Delta varyantıyla birlikte Kovid-19 vaka sayıları sağlık sistemini yer yer tıkama noktasına getirdi. Türk Tabipler Birliği’nin saha çalışmalarına göre, 1 Temmuz’da başlayan normalleşme sürecinin ilk haftasında toplam vaka sayısı 34 bin 271 ve haftalık ölüm sayısı 316 iken, 10-16 Ağustos tarihlerinde vaka sayısı 154 bin 545’e, ölüm ise bin 11’e ulaştı.

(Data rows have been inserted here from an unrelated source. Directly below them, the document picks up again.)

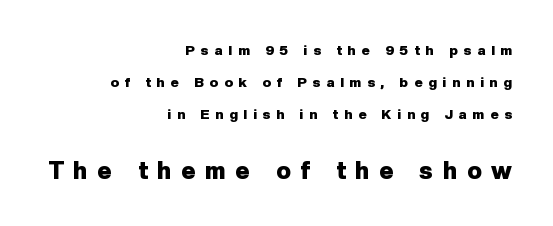
Descender tails drop into unmarked territory. Look at the glyph heights: the lower group is clearly the bigger setting. Tall strokes in this sample are plumb rather than angled. Leftover space on each line is placed entirely before the opening word. Loosely led — the rows are spread out. The strokes are fattened all the way to bold.
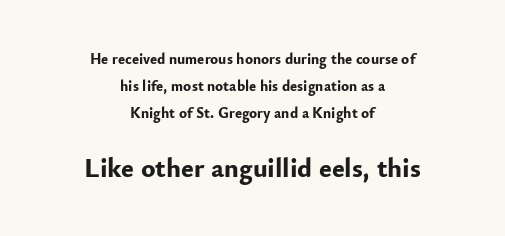
Q: Is the text bold? A: Yes.
Q: Is the text italic (slanted)? A: No, it is upright.
Q: Is the text underlined? A: No.
Q: How is the paragraph aligned? A: Centered.
Q: Is the spacing between letters normal or unusually wide? A: Normal.
Q: Which block of text is set in a larger size, the first (top) or the second (bottom)? A: The second (bottom) one.
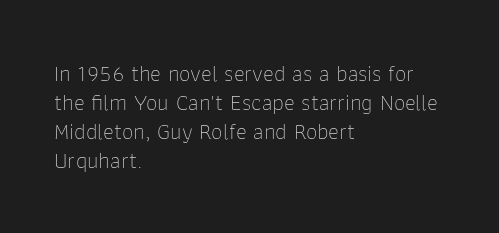
The image shows 23 px text type, upright; set left-aligned, normal line spacing (1.26x), normal letter spacing, not underlined.
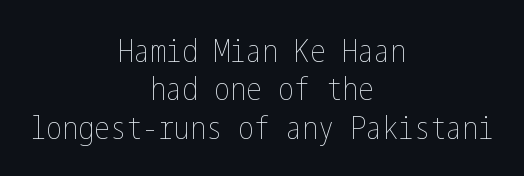
The image shows 32 px thin, condensed type, upright; set centered, line spacing 1.2x, normal letter spacing, not underlined; low stroke contrast and a medium x-height.
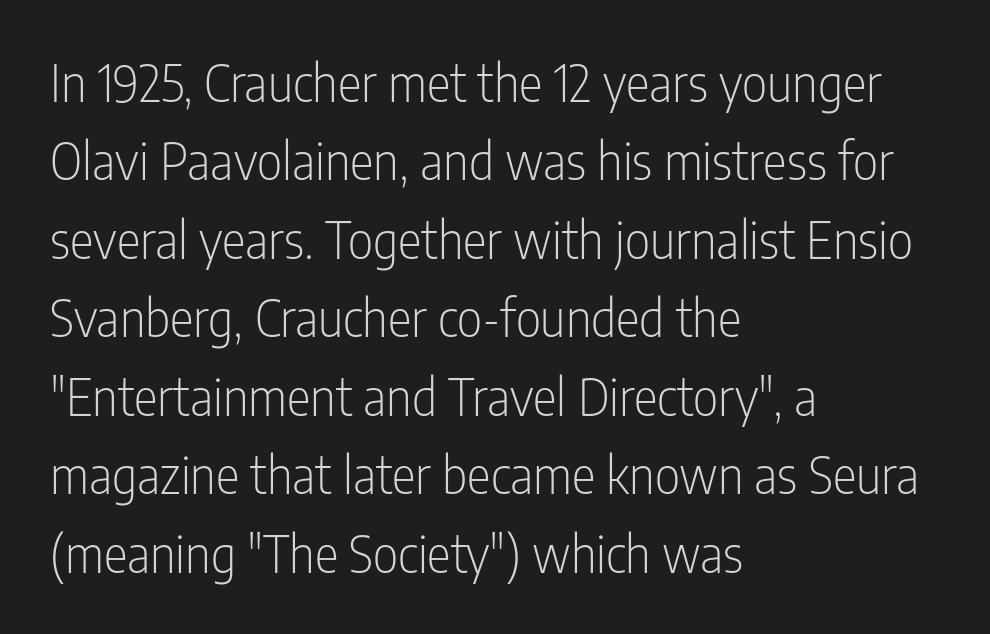
The image shows 50 px light, condensed sans-serif type, upright; set left-aligned, normal line spacing (1.57x), normal letter spacing, not underlined; low stroke contrast and a medium x-height.

Sağlık Bakanlığı’nın verilerine göre, en az bir doz aşı olmuş 18 yaş ve üzeri nüfus verilerinde 1'inci doz Türkiye ortalaması yüzde 76,81, 2'nci doz ortalaması yüzde 58,84 olarak ölçüldü. Ayrıca 1'inci dozda 47 milyon 675 bin 684, 2'nci dozda 36 milyon 521 bin 647, 3'üncü dozda ise 8 milyon 299 bin 56 olmak üzere toplam 92 milyon 710 bin 374 aşı uygulandı.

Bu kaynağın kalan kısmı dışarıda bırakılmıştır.